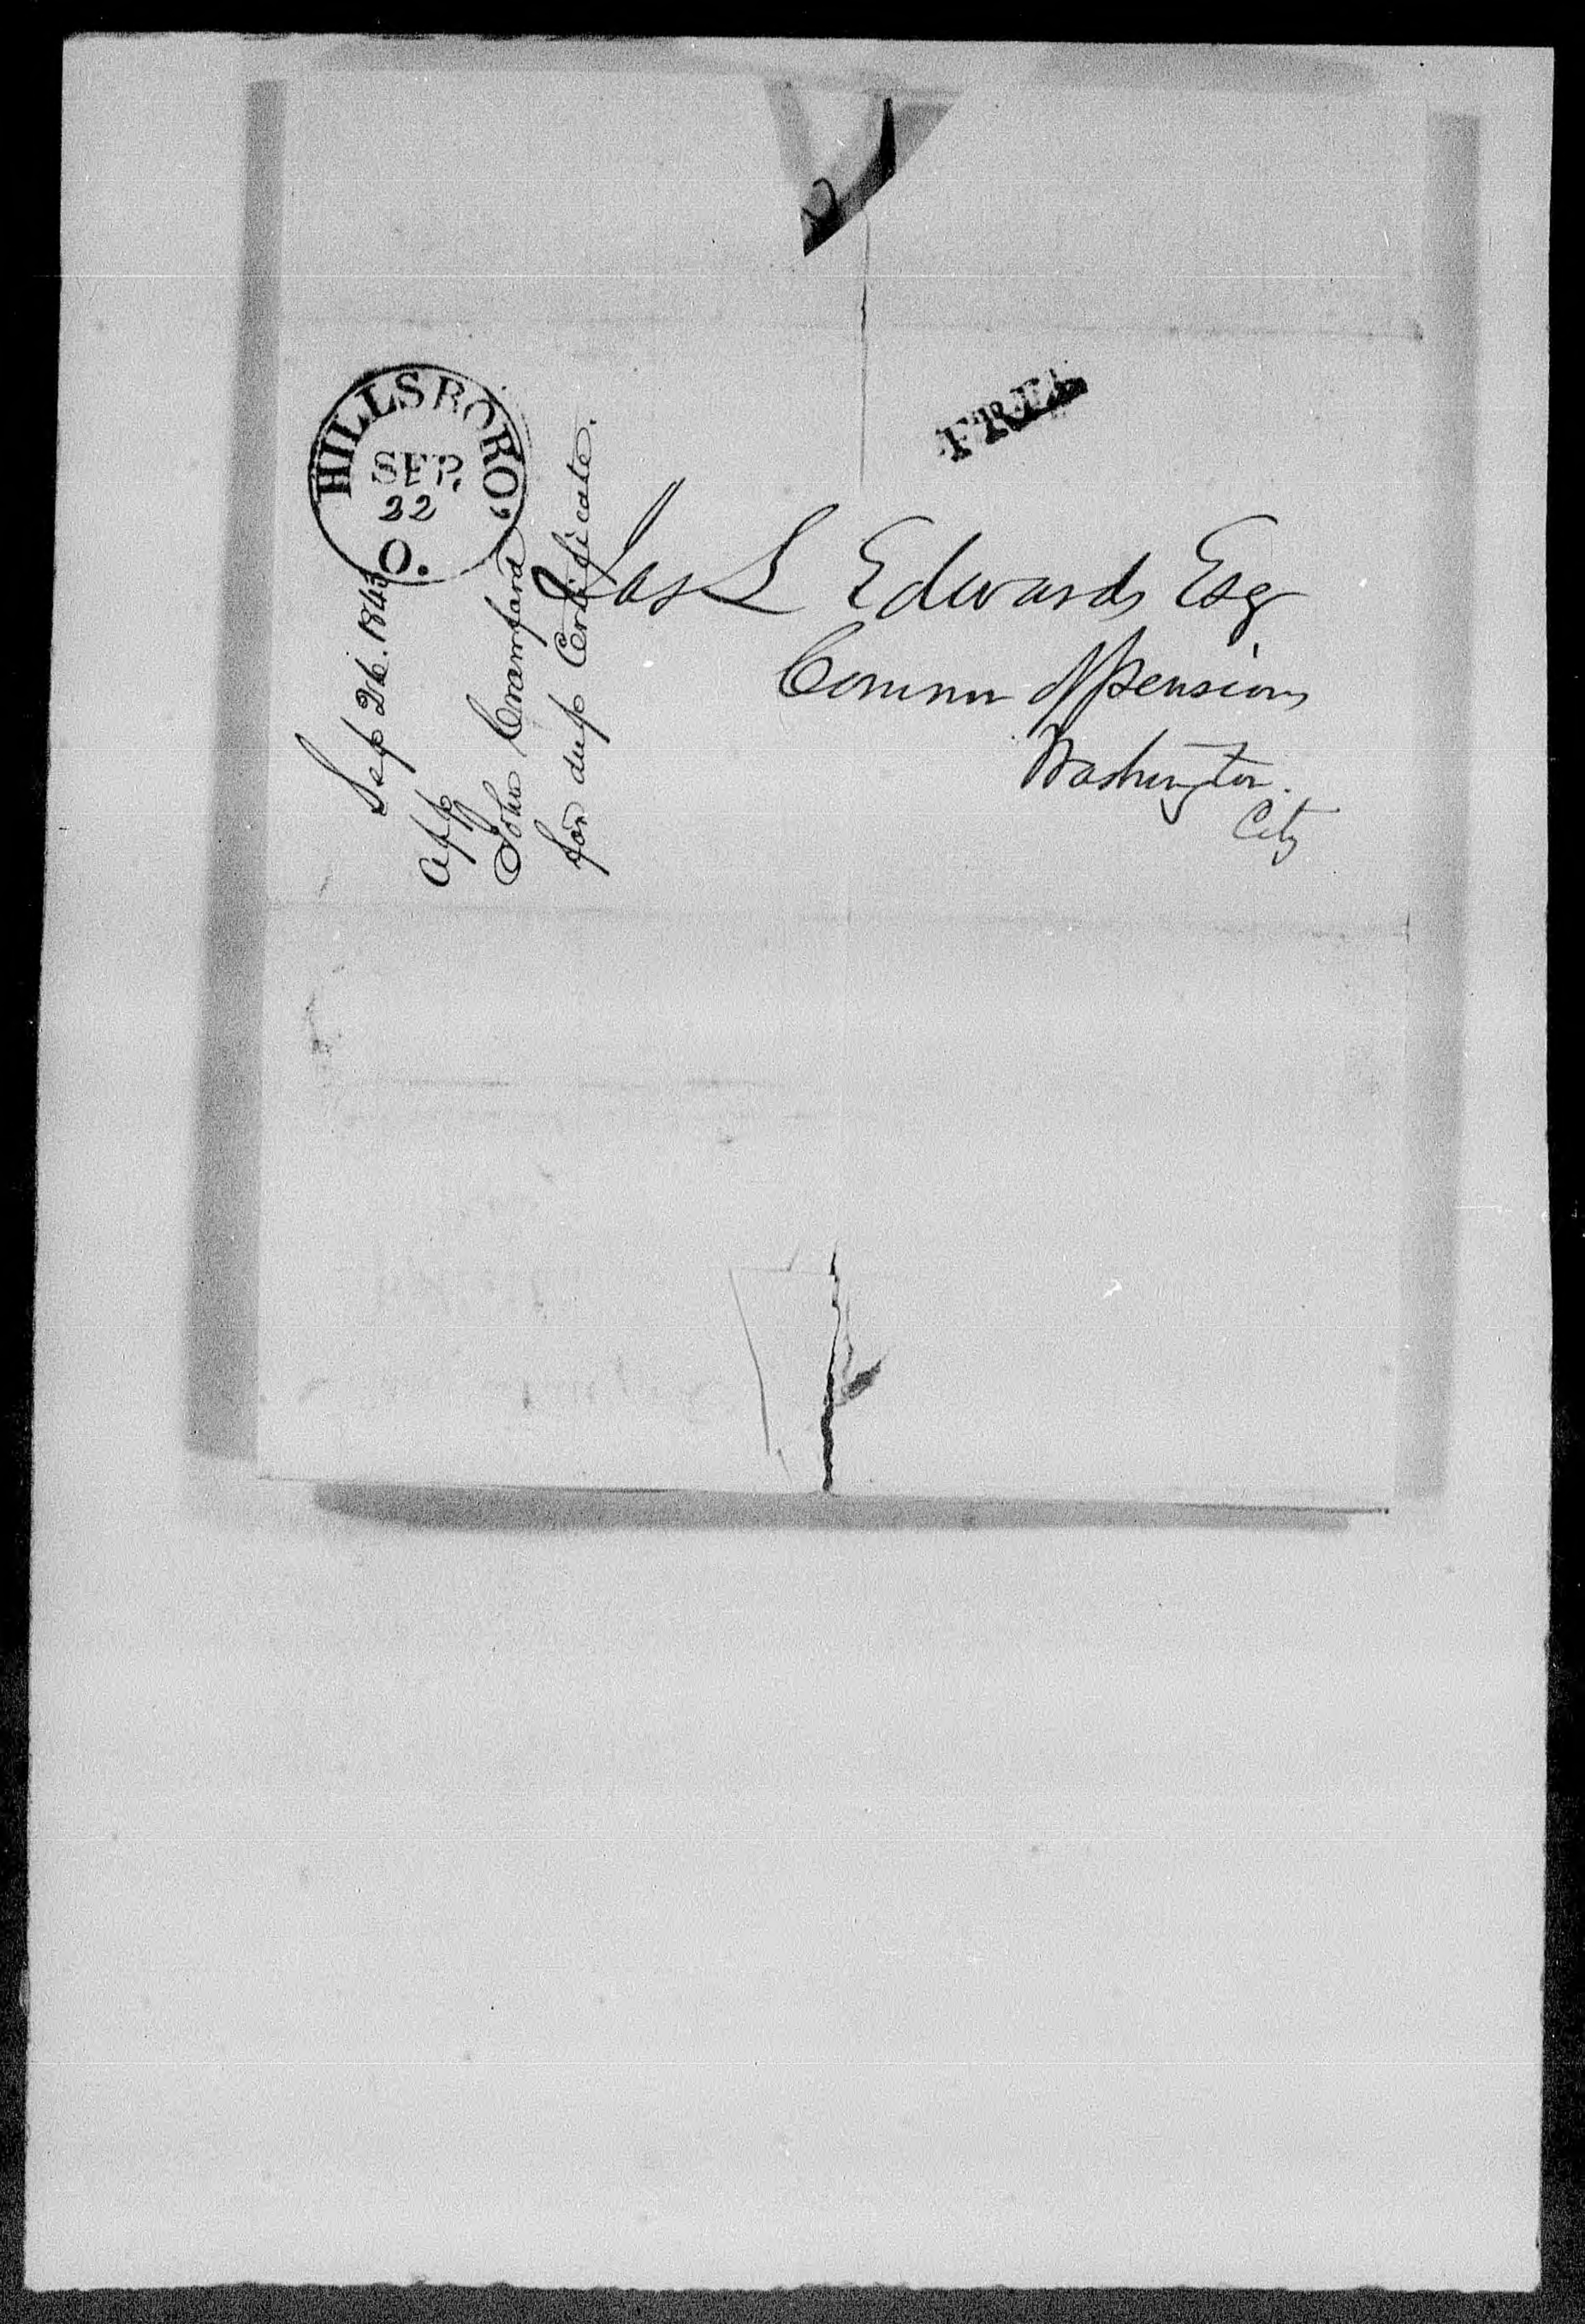[Postal Stamp]
HILLSBORO O.
SEP. 22

Sept 26 1843
App
John Crawford
for dup certificate

FREE
Jas L Edwards Esq
Comm of Pensions
Washington City

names: Jas L Edwards, John Crawford
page: 23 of 80
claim: widow's
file: W 2070, John Crawford, Penn.

• [What is needed]: What you produce must match the listing word for word, with no images in it.

• [Expected answer]:
[Postal Stamp]
HILLSBORO O.
SEP. 22

Sept 26 1843
App
John Crawford
for dup certificate

FREE
Jas L Edwards Esq
Comm of Pensions
Washington City

names: Jas L Edwards, John Crawford
page: 23 of 80
claim: widow's
file: W 2070, John Crawford, Penn.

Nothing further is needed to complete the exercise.